## Required action:
Please reproduce the listing verbatim, without its images.

....

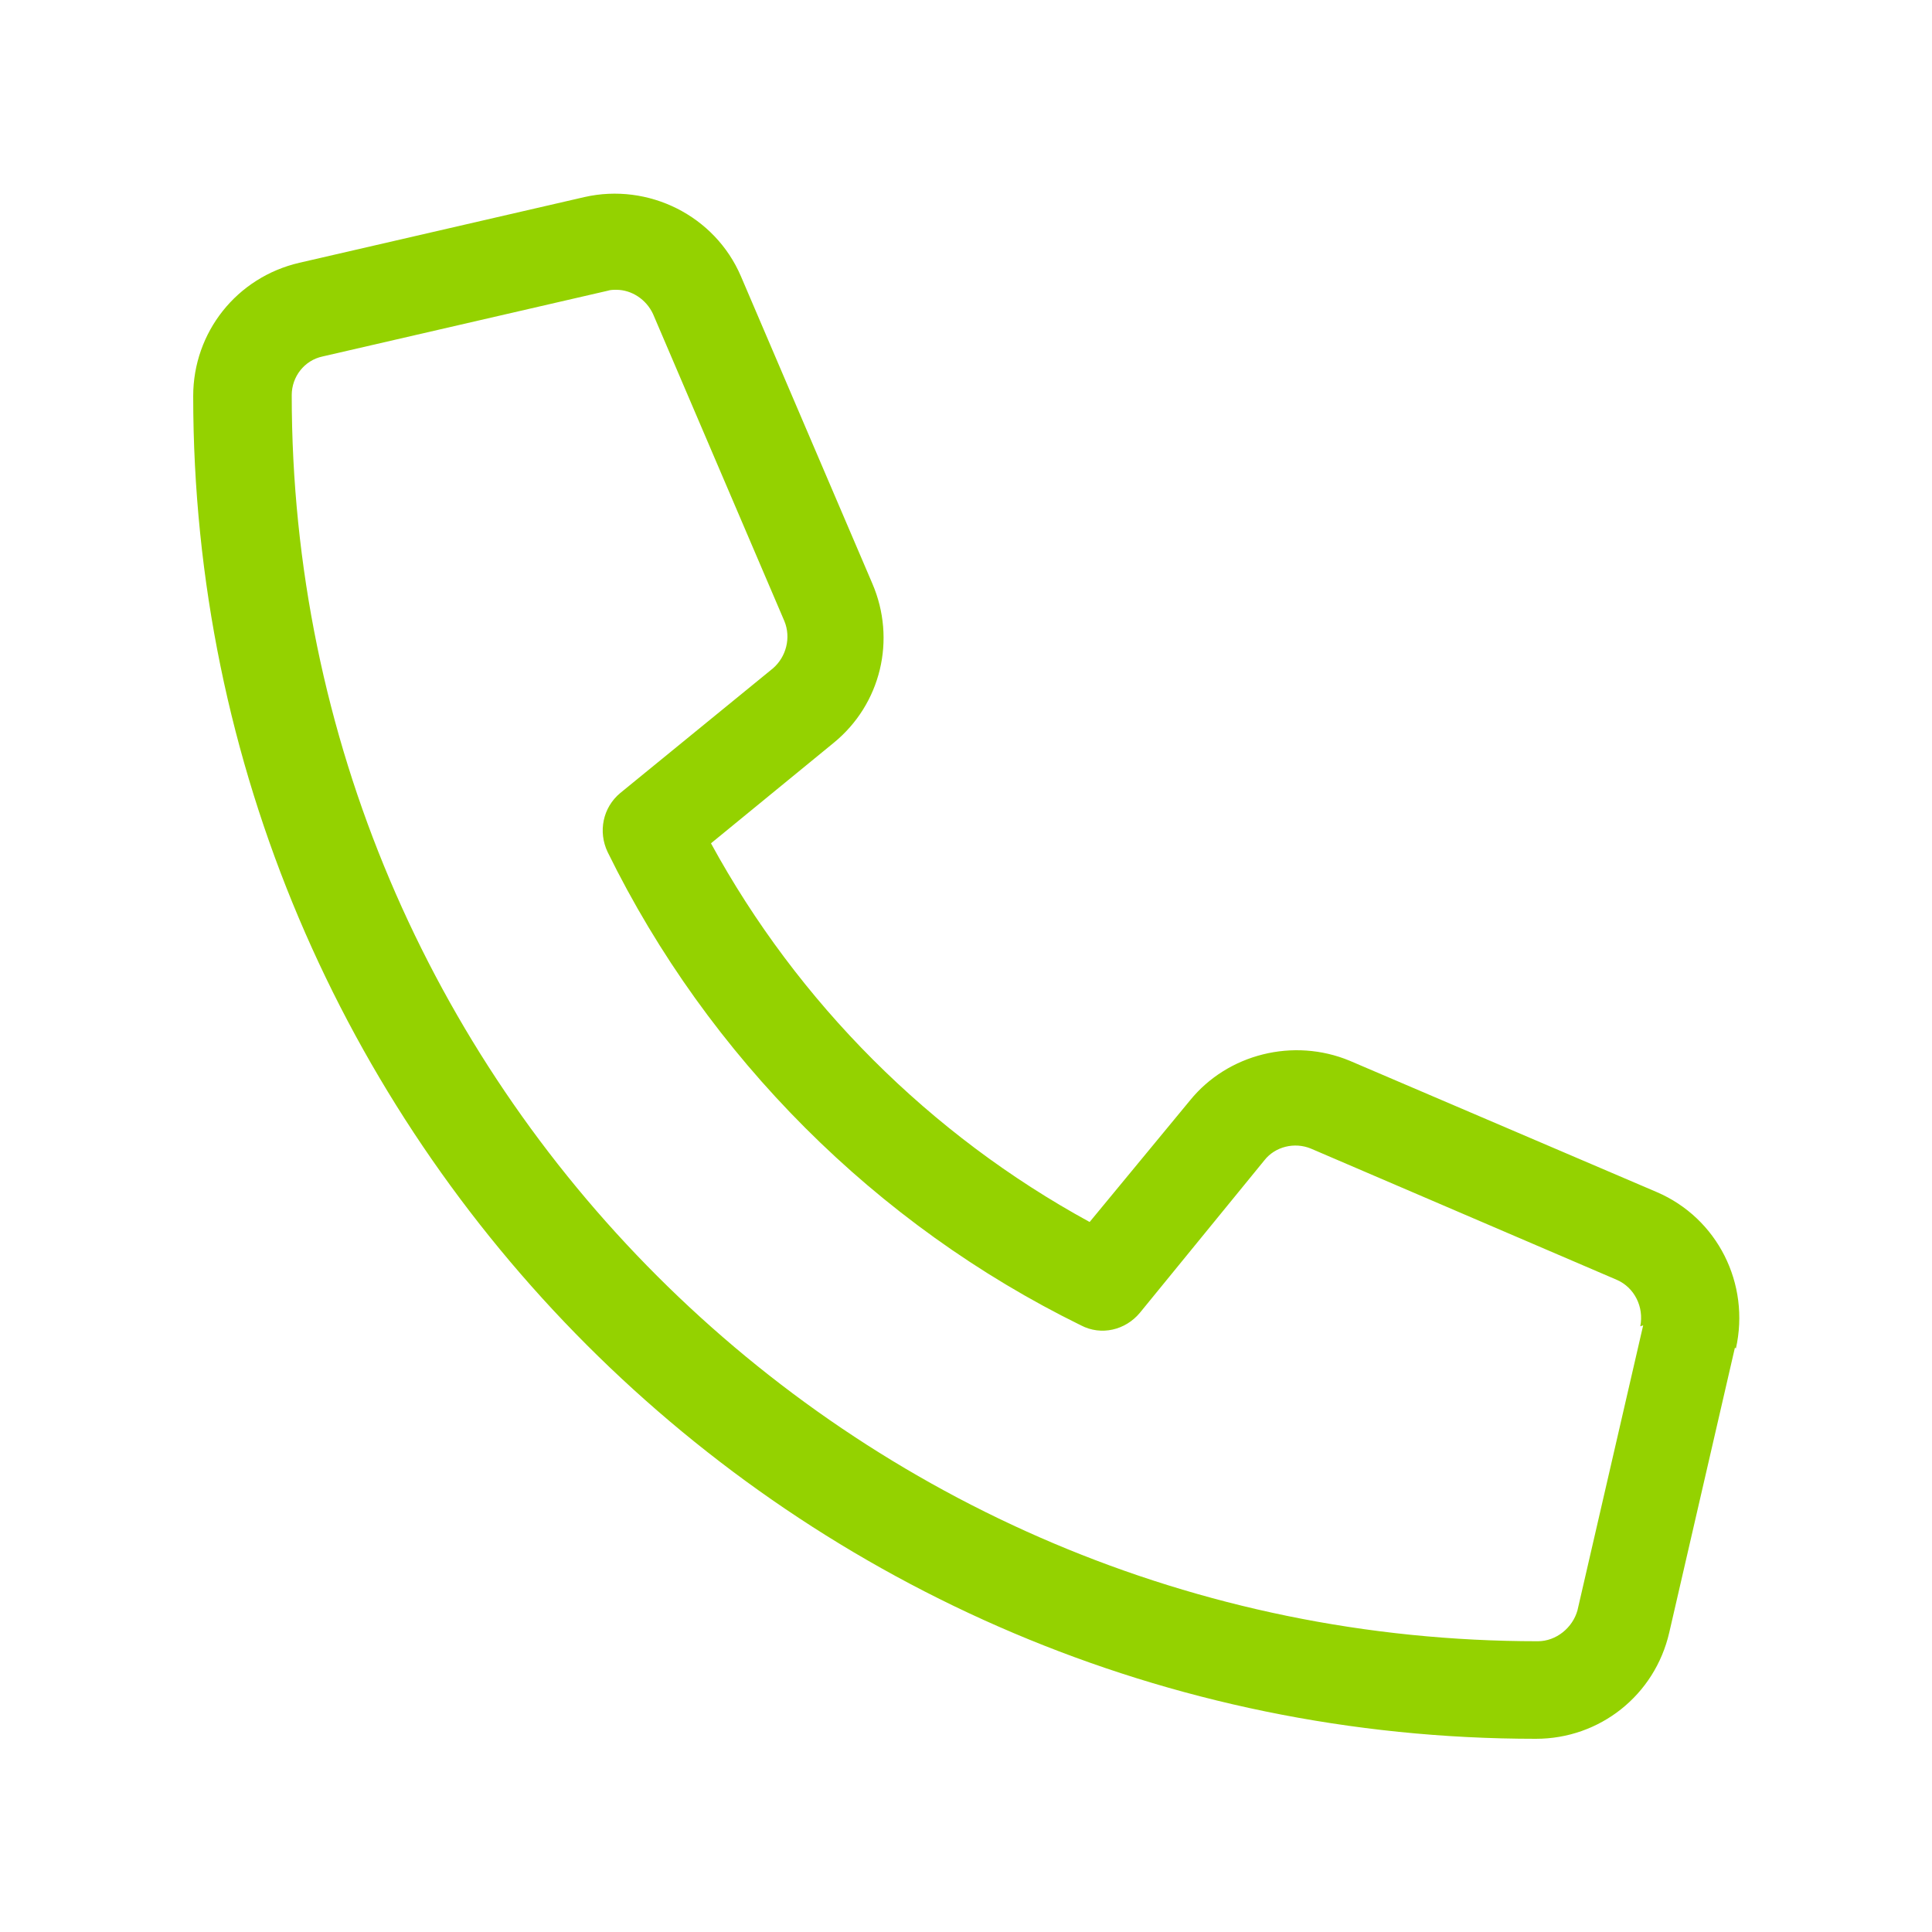 <?xml version="1.0" encoding="UTF-8"?>
<svg xmlns="http://www.w3.org/2000/svg" id="b" viewBox="0 0 20 20">
  <defs>
    <style>.c{fill:#94d200;}</style>
  </defs>
  <path class="c" d="m17.96,13.95l-.68,2.95c-.15.65-.72,1.1-1.38,1.1-7.67,0-13.9-6.24-13.9-13.9,0-.66.45-1.23,1.1-1.38l2.95-.68c.66-.15,1.35.19,1.62.82l1.36,3.18c.25.58.09,1.25-.4,1.65l-1.27,1.04c.9,1.65,2.27,3.02,3.92,3.92l1.04-1.26c.39-.48,1.07-.65,1.65-.41l3.18,1.36c.63.27.97.95.82,1.62Zm-.98-.22c.04-.2-.06-.4-.24-.48l-3.17-1.36c-.17-.07-.37-.02-.48.12l-1.29,1.58c-.15.18-.4.24-.61.13-2.12-1.04-3.86-2.78-4.9-4.9-.1-.21-.05-.46.13-.61l1.58-1.29c.14-.12.19-.32.12-.49l-1.36-3.18c-.07-.15-.22-.25-.38-.25-.03,0-.06,0-.09.01l-2.95.68c-.19.04-.32.21-.32.4,0,7.12,5.79,12.9,12.9,12.9.19,0,.36-.14.41-.32l.68-2.95Z"></path>
</svg>

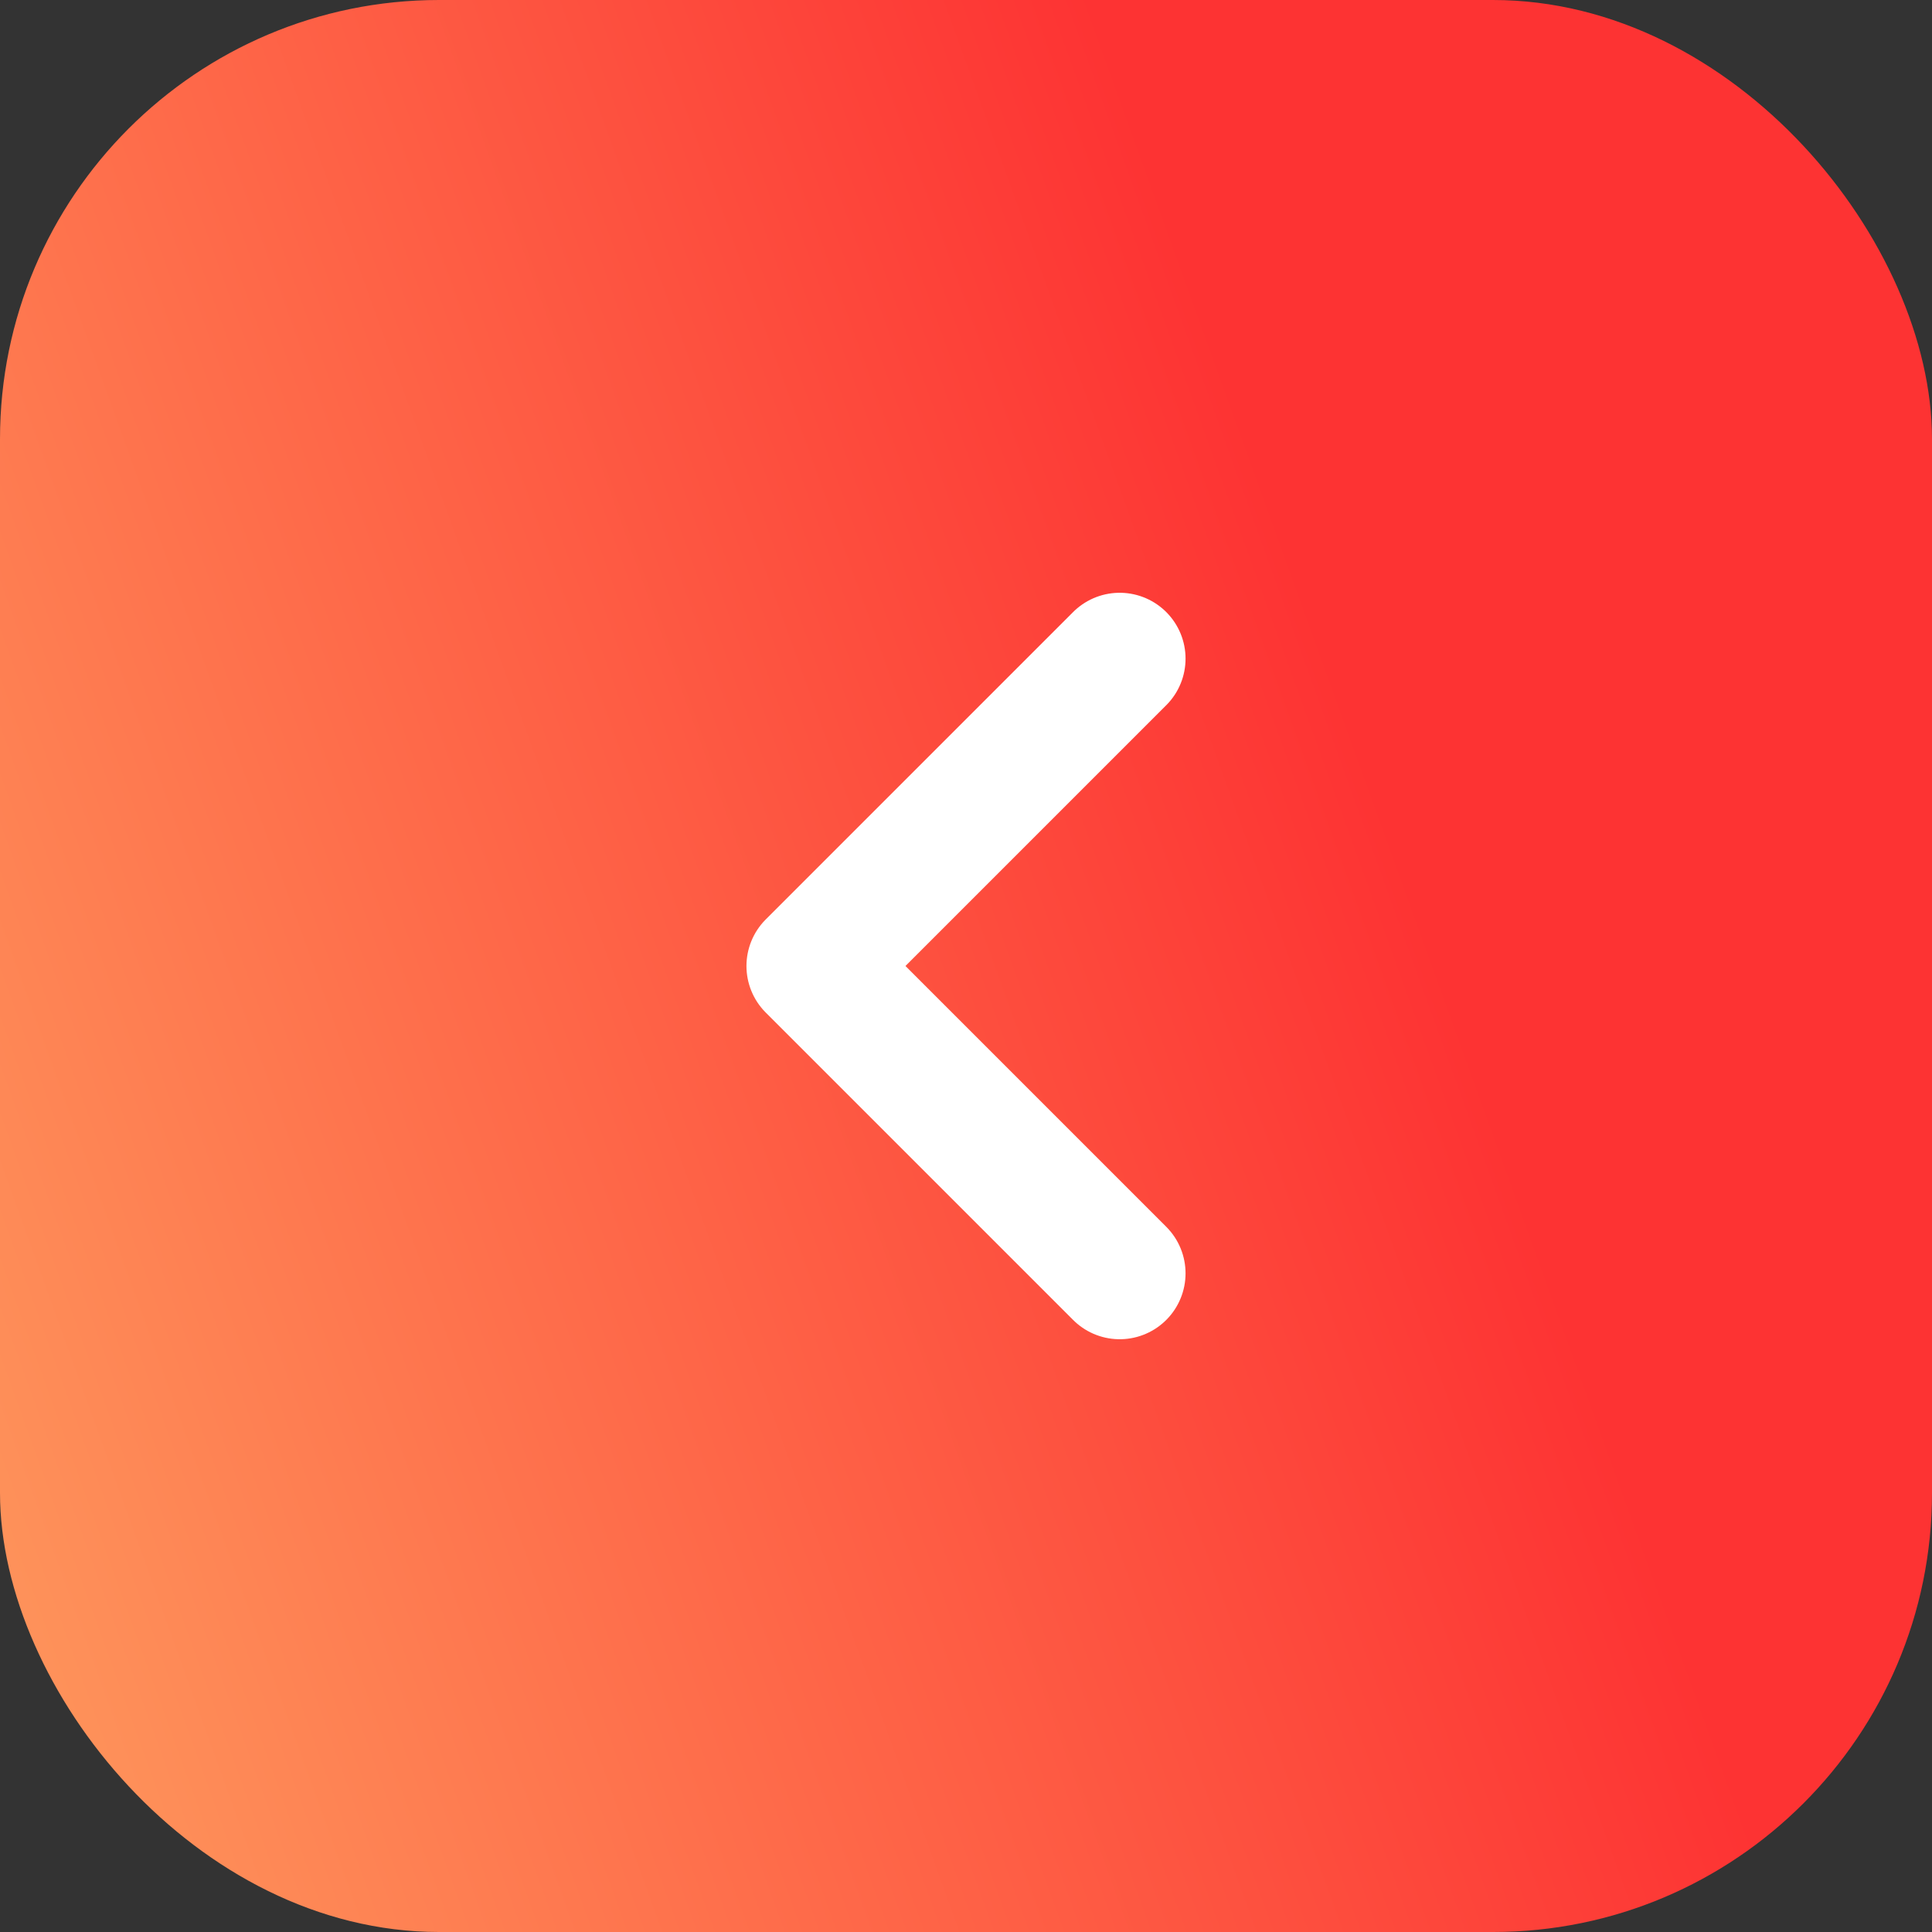 <svg xmlns="http://www.w3.org/2000/svg" width="22" height="22" viewBox="0 0 22 22" fill="none"><rect x="0" y="0" width="22" height="22" fill="#333333" stroke="none"/><rect width="22" height="22" rx="5" fill="url(#paint0_linear_822_2516)"></rect><path d="M12.75 14.5L9.25 11L12.75 7.5" stroke="white" stroke-width="1.5" stroke-linecap="round" stroke-linejoin="round"></path><defs><linearGradient id="paint0_linear_822_2516" x1="14.044" y1="4.448" x2="-12.545" y2="14.04" gradientUnits="userSpaceOnUse"><stop stop-color="#FD3333"></stop><stop offset="1" stop-color="#FFCA71"></stop></linearGradient></defs></svg>

....

## Reply:
 <?xml version="1.0" encoding="UTF-8"?>
<svg xmlns="http://www.w3.org/2000/svg" id="b" viewBox="0 0 20 20">
  <defs>
    <style>.c{fill:#94d200;}</style>
  </defs>
  <path class="c" d="m17.96,13.95l-.68,2.95c-.15.65-.72,1.1-1.38,1.1-7.67,0-13.9-6.24-13.9-13.9,0-.66.45-1.23,1.1-1.38l2.95-.68c.66-.15,1.35.19,1.62.82l1.36,3.18c.25.58.09,1.25-.4,1.65l-1.27,1.04c.9,1.65,2.27,3.02,3.92,3.92l1.04-1.26c.39-.48,1.07-.65,1.65-.41l3.18,1.36c.63.27.97.95.82,1.62Zm-.98-.22c.04-.2-.06-.4-.24-.48l-3.17-1.36c-.17-.07-.37-.02-.48.12l-1.29,1.58c-.15.18-.4.24-.61.13-2.12-1.04-3.86-2.78-4.9-4.9-.1-.21-.05-.46.13-.61l1.58-1.29c.14-.12.19-.32.12-.49l-1.36-3.18c-.07-.15-.22-.25-.38-.25-.03,0-.06,0-.09.01l-2.95.68c-.19.04-.32.21-.32.4,0,7.12,5.79,12.9,12.9,12.9.19,0,.36-.14.41-.32l.68-2.95Z"></path>
</svg>

 <svg xmlns="http://www.w3.org/2000/svg" width="22" height="22" viewBox="0 0 22 22" fill="none"><rect x="0" y="0" width="22" height="22" fill="#333333" stroke="none"/><rect width="22" height="22" rx="5" fill="url(#paint0_linear_822_2516)"></rect><path d="M12.75 14.5L9.25 11L12.75 7.5" stroke="white" stroke-width="1.5" stroke-linecap="round" stroke-linejoin="round"></path><defs><linearGradient id="paint0_linear_822_2516" x1="14.044" y1="4.448" x2="-12.545" y2="14.04" gradientUnits="userSpaceOnUse"><stop stop-color="#FD3333"></stop><stop offset="1" stop-color="#FFCA71"></stop></linearGradient></defs></svg>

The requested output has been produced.